The second is GeoViewer, a web-based mapping app that visualizes the results of the geotagged social media analyses performed by HDMA. Its geospatial functions are easy to use and include the ability to display hot spot and cluster data layers; store multimedia images, including photos and videos; and map historic and real-time social media data. Tsou believes that this can be an important asset for emergency response.
“The metadata collected by social media platforms includes quite a bit of information, such as the identity of the author, when the post occurred, a geotagged location of the post, the content of the post itself, number of reposts, and so on,” said Tsou.

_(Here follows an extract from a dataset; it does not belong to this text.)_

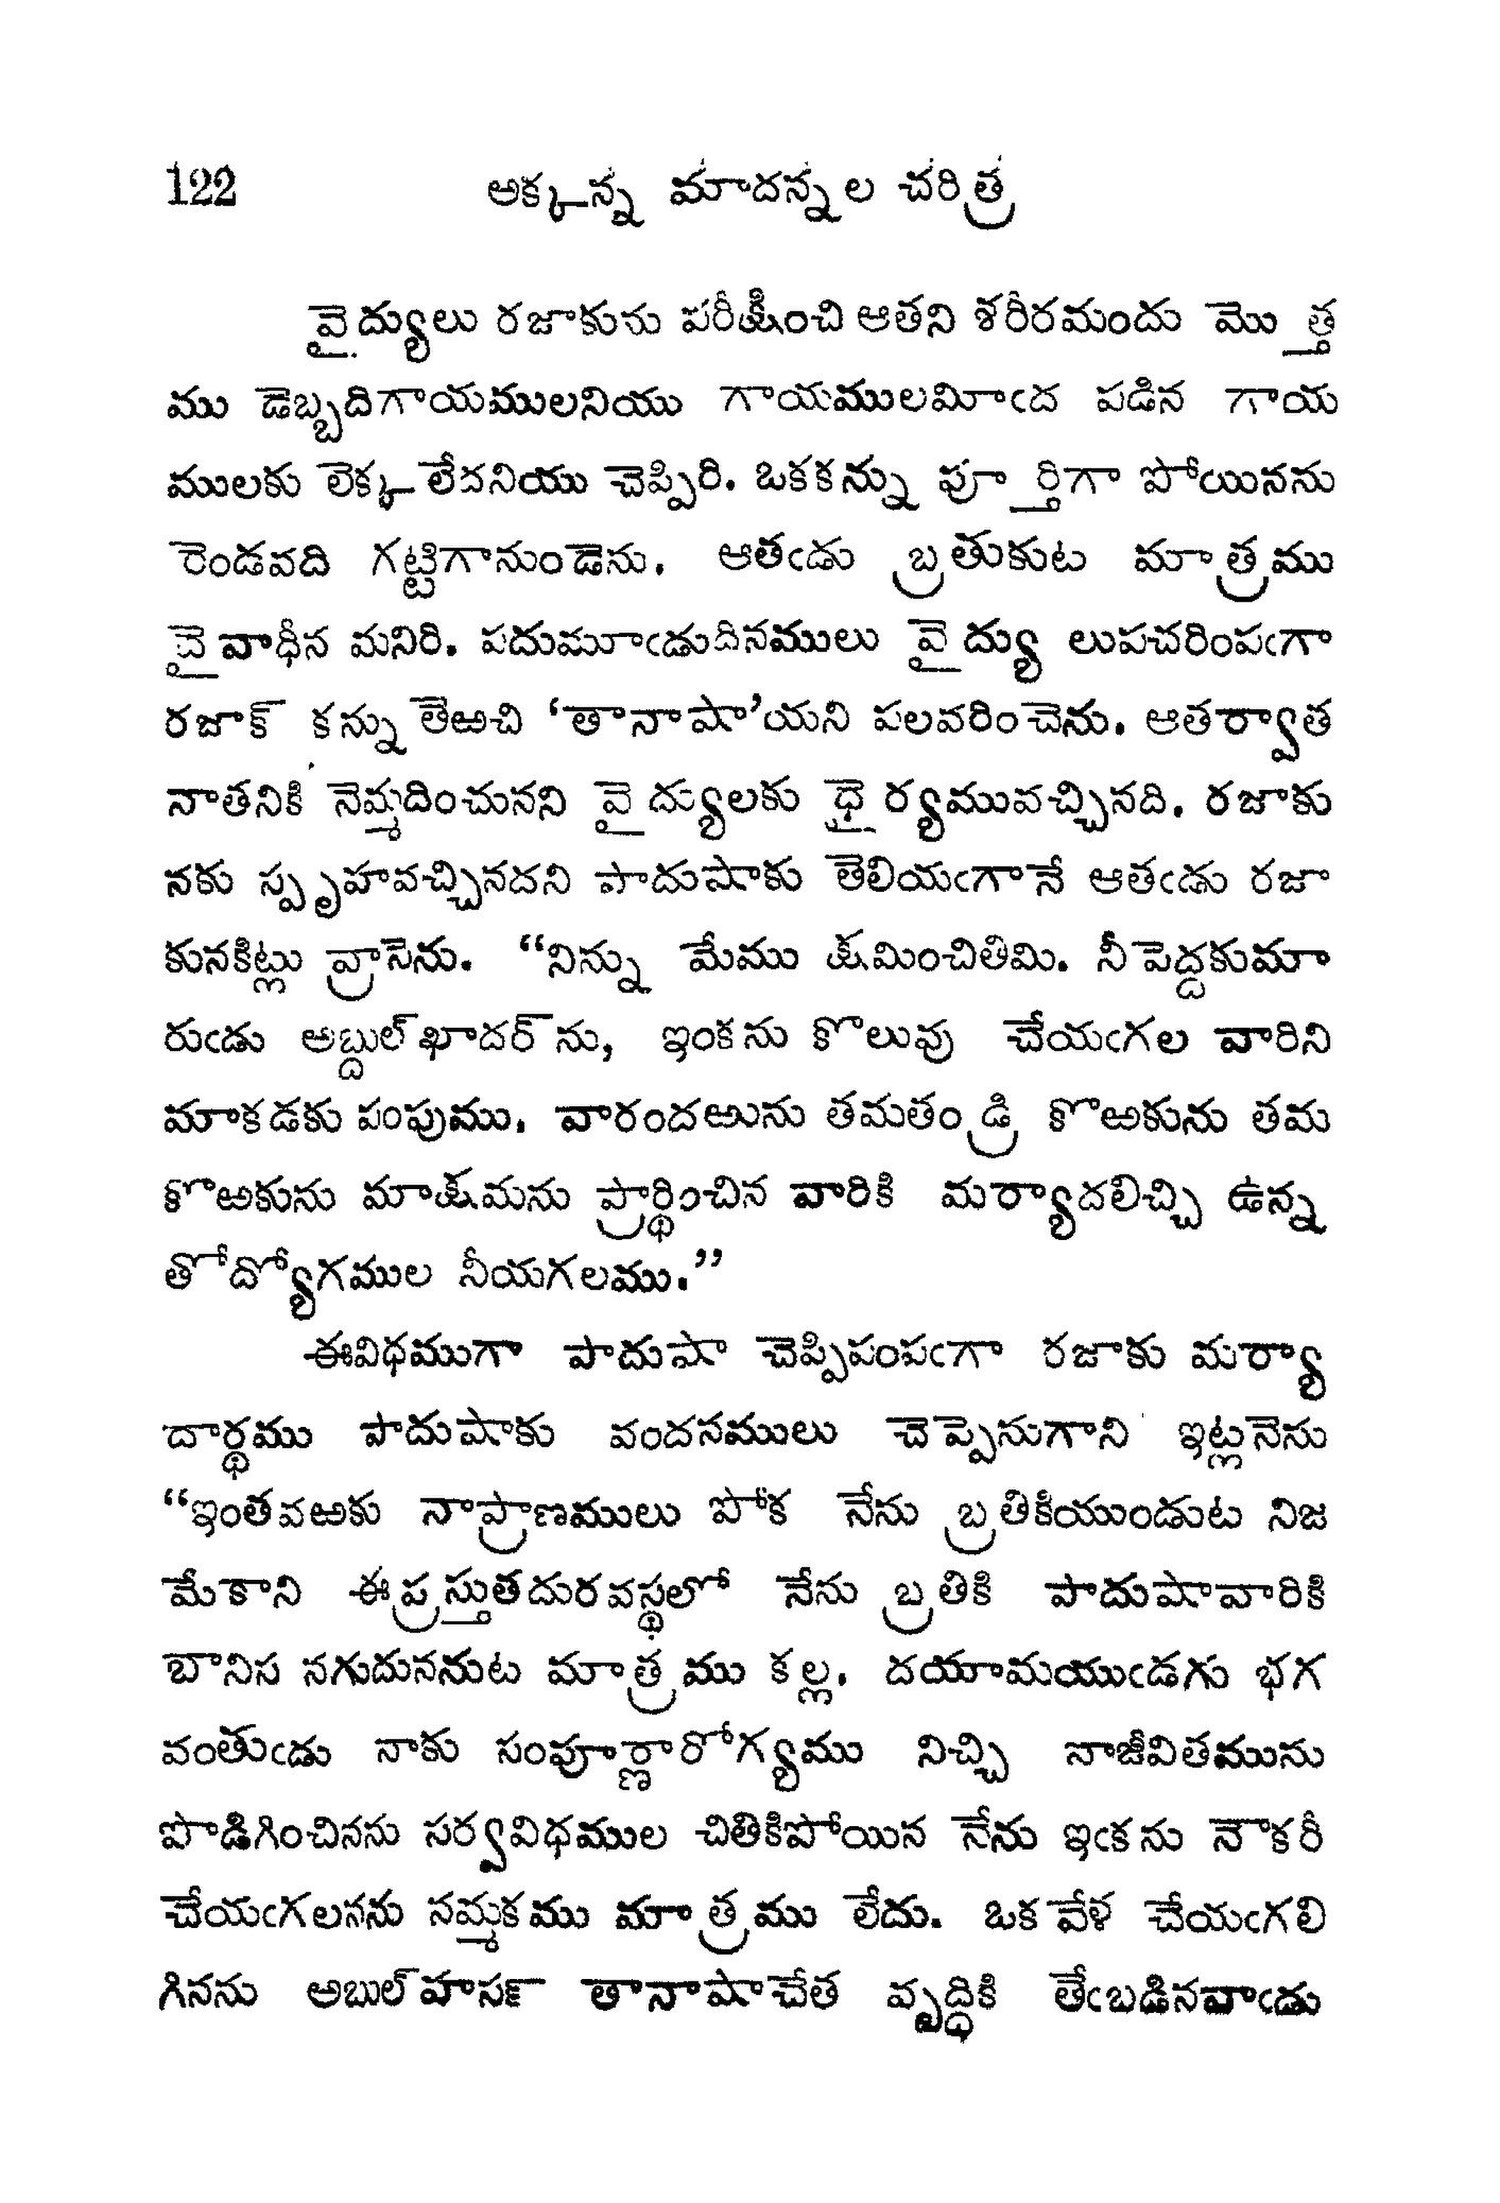వైద్యులు రజాకును పరీక్షించి ఆతని శరీరమందు మొత్తము డెబ్బదిగాయములనియు గాయములమీఁద పడిన గాయములకు లెక్కలేదనియు చెప్పిరి. ఒకకన్ను పూర్తిగా పోయినను రెండవది గట్టిగానుండెను. ఆతఁడు బ్రతుకుట మాత్రము దైవాధీన మనిరి. పదమూఁడుదినములు వైద్యు లుపచరింపఁగా రజాక్ కన్నుతెఱచి ‘తానాషా’యని పలవరించెను. ఆతర్వాత నాతనికి నెమ్మదించునని వైద్యులకు ధైర్యమువచ్చినది. రజాకునకు స్పృహవచ్చినదని పాదుషాకు తెలియఁగానే ఆతఁడు రజాకునకిట్లు వ్రాసెను. “నిన్ను మేము క్షమించితిమి. నీ పెద్దకుమారుఁడు అబ్దుల్‌ఖాదర్‌ను, ఇంకను కొలువు చేయఁగల వారిని మాకడకు పంపుము. వారందఱును తమతండ్రి కొఱకును తమ కొఱకును మాక్షమను ప్రార్థించిన వారికి మర్యాదలిచ్చి ఉన్నతోద్యోగముల నీయగలము.”

ఈవిధముగా పాదుషా చెప్పిపంపఁగా రజాకు మర్యాదార్థము పాదుషాకు వందనములు చెప్పెనుగాని ఇట్లనెను “ఇంతవఱకు నాప్రాణములు పోక నేను బ్రతికియుండుట నిజమేకాని ఈప్రస్తుతదురవస్థలో నేను బ్రతికి పాదుషావారికి బానిస నగుదుననుట మాత్రము కల్ల. దయామయుఁడగు భగవంతుఁడు నాకు సంపూర్ణారోగ్యము నిచ్చి నాజీవితమును పొడిగించినను సర్వవిధముల చితికిపోయిన నేను ఇఁకను నౌకరీ చేయఁగలనను నమ్మకము మాత్రము లేదు. ఒకవేళ చేయఁగలిగినను అబుల్‌హసౝ తానాషాచేత వృద్ధికి తేఁబడినవాఁడు

While all that data is incredibly useful, it also brings up concerns about privacy, which Tsou and his team are acutely aware of.
“Our research at HDMA is concerned about privacy issues, and we try to protect the users’ privacy as much as we can,” he said. “For example, our GeoViewer software includes geomasking techniques to randomize the actual geotagged locations of users within a 100-meter radius, even though this may slightly reduce the accuracy of our spatial analysis results.”
Tsou thinks that GIScience and data science will only become more tightly integrated.
“That will allow the creation of a new discipline that I call geospatial data science,” he said. “I see it as a transdisciplinary field that will extract knowledge and insight from geospatial big data using high-performance computing resources, spatial and nonspatial statistics, spatiotemporal analysis models, GIS algorithms, machine learning methods, and geovisualization tools.”
He also expects the Esri Geospatial Cloud to play a key role in this new field because of its comprehensive cyberinfrastructure.
“Its seamless technology stack includes a geodata hub for sharing assets and facilitating community engagement, cloud services, online analytic tools, real-time big data processing, and a nice set of presentation options,” Tsou explained. “I believe that geospatial data science will facilitate critical spatial thinking and problem solving for various applications and industries and enable the exploration of new scientific theories.”